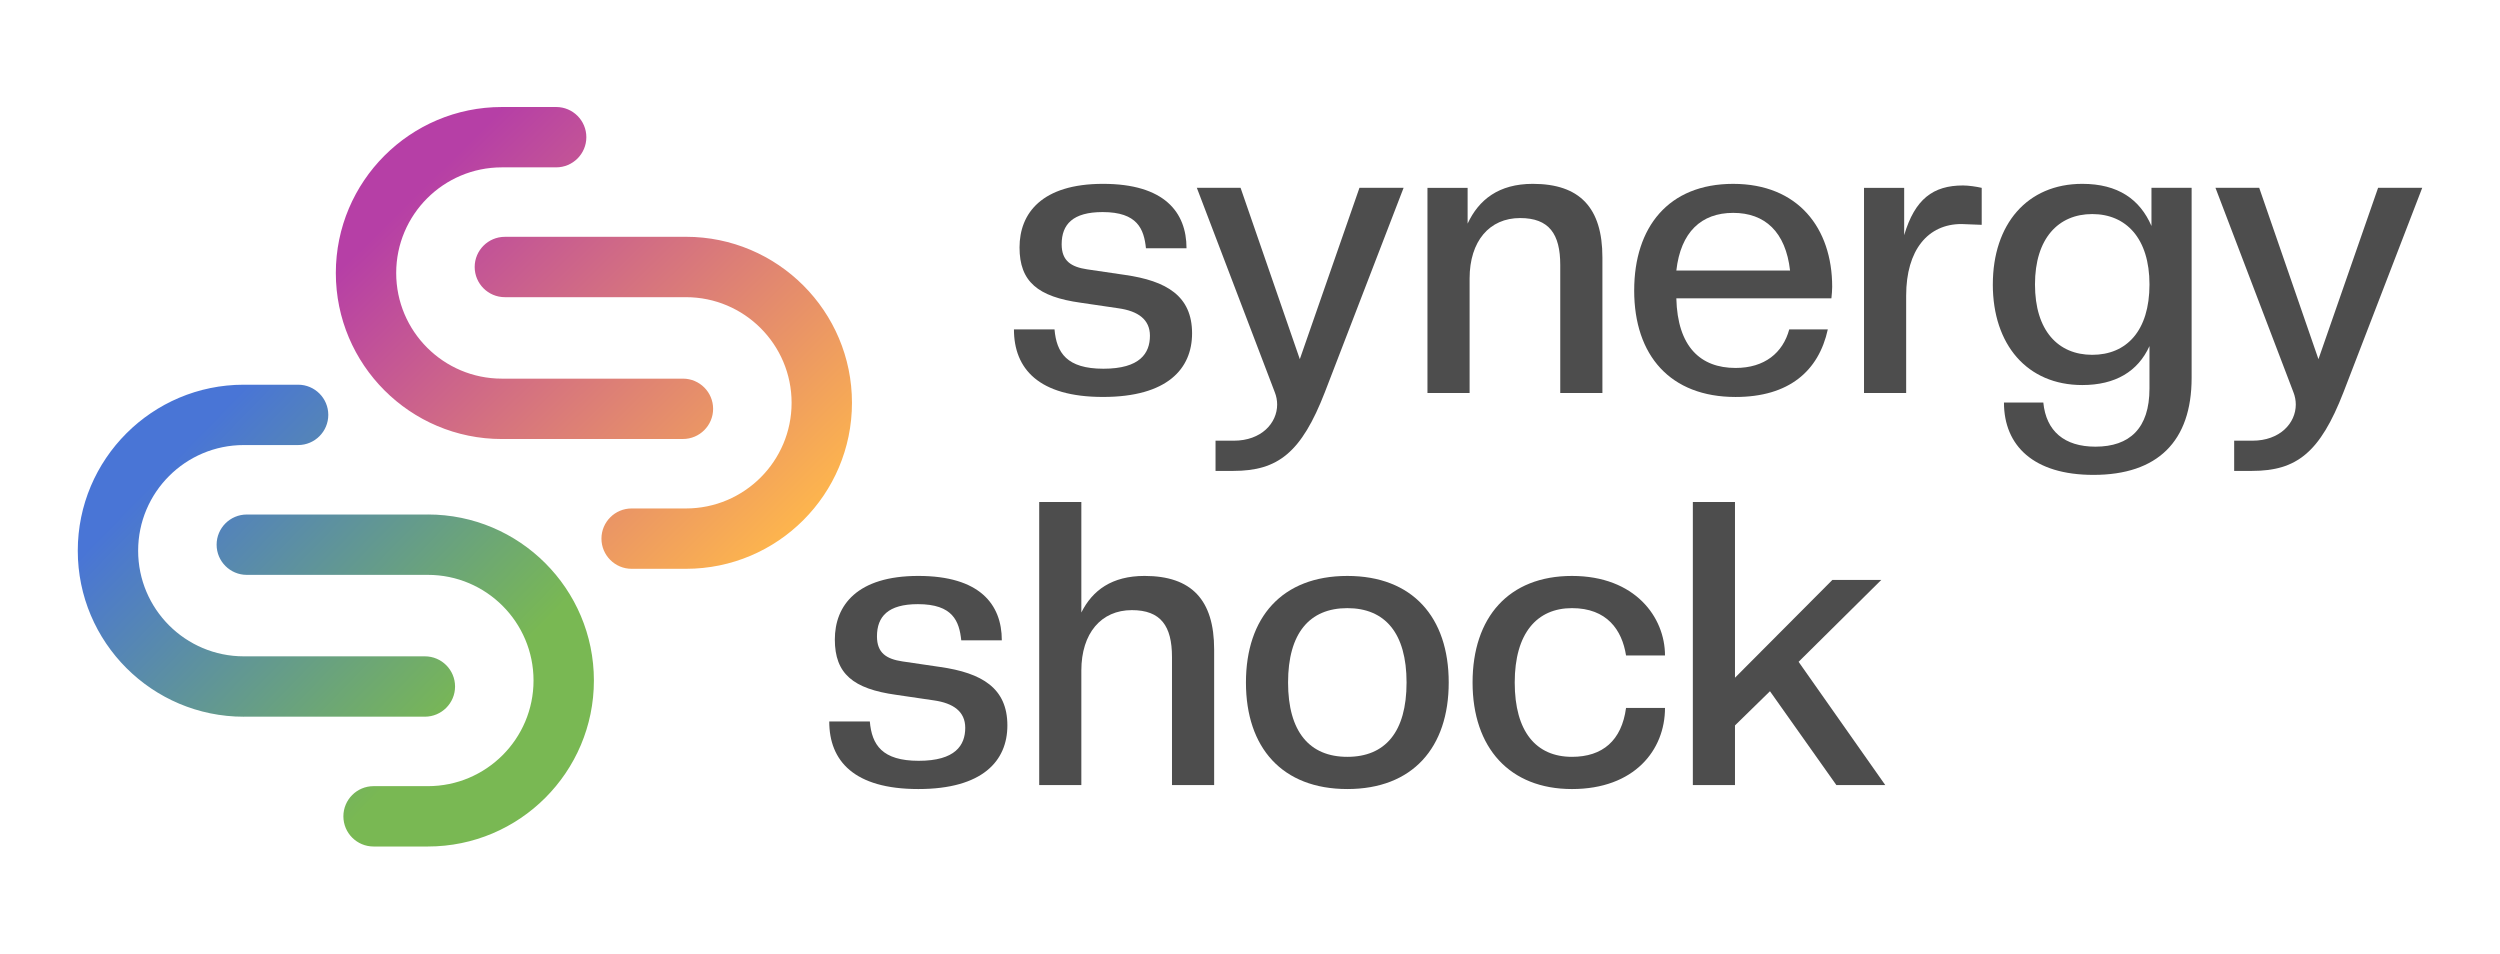 <?xml version="1.0" encoding="UTF-8"?>
<svg id="Layer_2" data-name="Layer 2" xmlns="http://www.w3.org/2000/svg" xmlns:xlink="http://www.w3.org/1999/xlink" viewBox="0 0 1893 722">
  <defs>
    <style>
      .cls-1 {
        fill: none;
      }

      .cls-1, .cls-2, .cls-3, .cls-4 {
        stroke-width: 0px;
      }

      .cls-2 {
        fill: #4d4d4d;
      }

      .cls-3 {
        fill: url(#linear-gradient);
      }

      .cls-3, .cls-4 {
        fill-rule: evenodd;
      }

      .cls-4 {
        fill: url(#linear-gradient-2);
      }
    </style>
    <linearGradient id="linear-gradient" x1="879.23" y1="-939.75" x2="879.75" y2="-939.77" gradientTransform="translate(260.81 -961832.92) rotate(43.09) scale(747.49 -747.49)" gradientUnits="userSpaceOnUse">
      <stop offset="0" stop-color="#b63fa6"/>
      <stop offset="1" stop-color="#ffb84b"/>
    </linearGradient>
    <linearGradient id="linear-gradient-2" x1="879.07" y1="-940.41" x2="879.58" y2="-940.46" gradientTransform="translate(-55659.8 -723221.23) rotate(38.66) scale(563.75 -563.75)" gradientUnits="userSpaceOnUse">
      <stop offset="0" stop-color="#4975d6"/>
      <stop offset="1" stop-color="#79b853"/>
    </linearGradient>
  </defs>
  <g id="Layer_1-2" data-name="Layer 1">
    <g>
      <rect class="cls-1" width="1893" height="722"/>
      <g>
        <g>
          <g>
            <path class="cls-2" d="M767.77,249.4h30.71c1.51,17.76,9.33,29.8,37.03,29.8s35.22-11.74,35.22-24.99c0-12.34-9.03-18.67-23.78-20.77l-28.6-4.21c-32.51-4.52-46.36-15.96-46.36-41.85s16.86-48.17,63.22-48.17,63.22,21.38,63.22,48.77h-30.71c-1.51-14.45-6.32-27.4-32.82-27.4-22.58,0-31.01,9.33-31.01,24.39,0,12.64,7.23,17.16,19.27,18.97l28.6,4.21c31.61,4.52,50.88,15.96,50.88,44.25,0,26.79-18.67,48.17-67.44,48.17s-67.44-21.38-67.44-51.18Z"/>
            <path class="cls-2" d="M920.4,333.69h13.85c20.77,0,32.81-13.25,32.81-27.4,0-3.01-.6-6.32-1.81-9.33l-59.01-154.74h33.12l44.86,129.75,45.16-129.75h33.42l-59.61,154.74c-17.76,45.76-35.52,59.61-69.24,59.61h-13.55v-22.88Z"/>
            <path class="cls-2" d="M1181.42,297.57v-96.94c0-23.48-8.43-35.52-30.41-35.52-23.18,0-38.23,17.46-38.23,45.76v86.7h-31.91v-155.34h30.41v27.09c8.43-18.06,23.48-30.11,49.37-30.11,35.52,0,52.69,18.06,52.69,55.7v102.66h-31.91Z"/>
            <path class="cls-2" d="M1237.41,219.9c0-47.87,25.89-80.68,74.96-80.68s74.96,33.42,74.96,77.97c0,3.01-.3,5.72-.6,8.73h-117.41c.9,36.73,18.36,52.69,44.86,52.69,21.98,0,35.83-11.44,40.64-29.2h29.2c-6.92,31.61-29.5,51.18-69.85,51.18-49.37,0-76.77-31.31-76.77-80.68ZM1269.33,204.84h86.1c-3.31-29.2-18.97-43.65-43.05-43.65s-39.74,14.45-43.05,43.65Z"/>
            <path class="cls-2" d="M1411.43,297.57v-155.34h30.41v35.83c8.13-27.4,21.98-37.63,44.56-37.63,4.21,0,10.24.9,14.15,1.81v28l-15.35-.6c-25.29,0-41.85,19.57-41.85,54.19v73.76h-31.91Z"/>
            <path class="cls-2" d="M1508.97,215.38c0-45.46,25.89-76.17,67.74-76.17,27.1,0,43.65,11.74,52.38,31.91v-28.9h30.41v143.91c0,48.17-25.89,73.46-74.36,73.46-45.16,0-67.74-21.98-67.74-54.79h29.8c2.11,21.68,15.96,33.42,39.44,33.42,25.89,0,40.94-13.85,40.94-43.95v-32.21c-8.73,19.27-25.89,29.5-50.88,29.5-41.85,0-67.74-30.71-67.74-76.17ZM1627.59,215.38c0-34.92-17.76-53.29-43.35-53.29s-43.35,18.36-43.35,53.29,17.46,53.29,43.35,53.29,43.35-18.06,43.35-53.29Z"/>
            <path class="cls-2" d="M1691.71,333.69h13.85c20.77,0,32.81-13.25,32.81-27.4,0-3.01-.6-6.32-1.81-9.33l-59.01-154.74h33.12l44.86,129.75,45.16-129.75h33.42l-59.61,154.74c-17.76,45.76-35.52,59.61-69.24,59.61h-13.55v-22.88Z"/>
          </g>
          <g>
            <path class="cls-2" d="M627.92,546.28h30.71c1.51,17.76,9.33,29.8,37.03,29.8s35.22-11.74,35.22-24.99c0-12.34-9.03-18.67-23.78-20.77l-28.6-4.21c-32.51-4.52-46.36-15.96-46.36-41.85s16.86-48.17,63.22-48.17,63.22,21.38,63.22,48.77h-30.71c-1.51-14.45-6.32-27.4-32.82-27.4-22.58,0-31.01,9.33-31.01,24.39,0,12.64,7.23,17.16,19.27,18.97l28.6,4.21c31.61,4.52,50.88,15.96,50.88,44.26,0,26.79-18.67,48.17-67.44,48.17s-67.44-21.38-67.44-51.18Z"/>
            <path class="cls-2" d="M887.43,594.45v-96.94c0-23.48-8.43-35.52-30.41-35.52-23.18,0-38.23,17.46-38.23,45.76v86.7h-31.91v-214.35h31.91v83.69c8.43-16.86,23.18-27.7,47.87-27.7,35.52,0,52.69,18.06,52.69,55.7v102.66h-31.91Z"/>
            <path class="cls-2" d="M943.43,516.78c0-49.37,27.4-80.68,76.77-80.68s76.77,31.31,76.77,80.68-27.4,80.68-76.77,80.68-76.77-31.31-76.77-80.68ZM1065.05,516.78c0-37.33-16.26-56.3-44.86-56.3s-44.86,18.97-44.86,56.3,16.26,56.3,44.86,56.3,44.86-18.67,44.86-56.3Z"/>
            <path class="cls-2" d="M1115.03,516.78c0-49.37,27.4-80.68,75.26-80.68s70.45,31.31,70.45,60.21h-29.5c-3.01-19.27-14.45-35.83-40.94-35.83s-43.35,18.97-43.35,56.3,16.26,56.3,43.35,56.3c23.18,0,37.63-12.34,40.94-37.03h29.5c0,31.91-23.18,61.42-70.45,61.42s-75.26-31.31-75.26-80.68Z"/>
            <path class="cls-2" d="M1390.5,594.45l-50.28-71.05-26.49,25.89v45.16h-31.91v-214.35h31.91v133.07l73.76-74.06h37.03l-62.62,62.02,65.63,93.33h-37.03Z"/>
          </g>
        </g>
        <g>
          <path class="cls-3" d="M380,332.43c-69.38,0-125.71-56.33-125.71-125.7s56.33-125.7,125.7-125.7h41.14c12.62,0,22.85,10.24,22.85,22.85,0,12.62-10.24,22.85-22.85,22.85h-41.14c-44.14,0-79.99,35.84-79.99,79.99s35.85,79.99,79.99,79.99h137.13c12.61,0,22.85,10.24,22.85,22.85,0,12.62-10.24,22.85-22.85,22.85h-137.12ZM519.41,179.3c69.38,0,125.7,56.33,125.7,125.7s-56.32,125.7-125.7,125.7h-41.13c-12.62,0-22.85-10.24-22.86-22.85,0-12.62,10.25-22.85,22.85-22.85h41.14c44.14,0,79.99-35.84,79.99-79.99s-35.84-79.99-79.99-79.99h-137.13c-12.61,0-22.85-10.24-22.85-22.85,0-12.62,10.25-22.85,22.85-22.85h137.13Z"/>
          <path class="cls-4" d="M184.59,542.7c-69.37,0-125.7-56.33-125.7-125.7s56.33-125.7,125.7-125.7h41.14c12.62,0,22.85,10.24,22.85,22.85s-10.24,22.85-22.85,22.85h-41.14c-44.15,0-79.99,35.84-79.99,79.99s35.84,79.99,79.99,79.99h137.13c12.62,0,22.85,10.24,22.85,22.85s-10.24,22.85-22.85,22.85h-137.13ZM324,389.57c69.37,0,125.7,56.33,125.7,125.7s-56.33,125.7-125.7,125.7h-41.14c-12.62,0-22.85-10.24-22.85-22.85s10.24-22.85,22.85-22.85h41.14c44.15,0,79.99-35.84,79.99-79.99s-35.84-79.99-79.99-79.99h-137.13c-12.62,0-22.85-10.24-22.85-22.85s10.24-22.85,22.85-22.85h137.13Z"/>
        </g>
      </g>
    </g>
  </g>
</svg>
* * * * *
Instructions to follow: Where the word "Layer" shows up in a line of the entries above, copy that line.

Solution:
<svg id="Layer_2" data-name="Layer 2" xmlns="http://www.w3.org/2000/svg" xmlns:xlink="http://www.w3.org/1999/xlink" viewBox="0 0 1893 722">
  <g id="Layer_1-2" data-name="Layer 1">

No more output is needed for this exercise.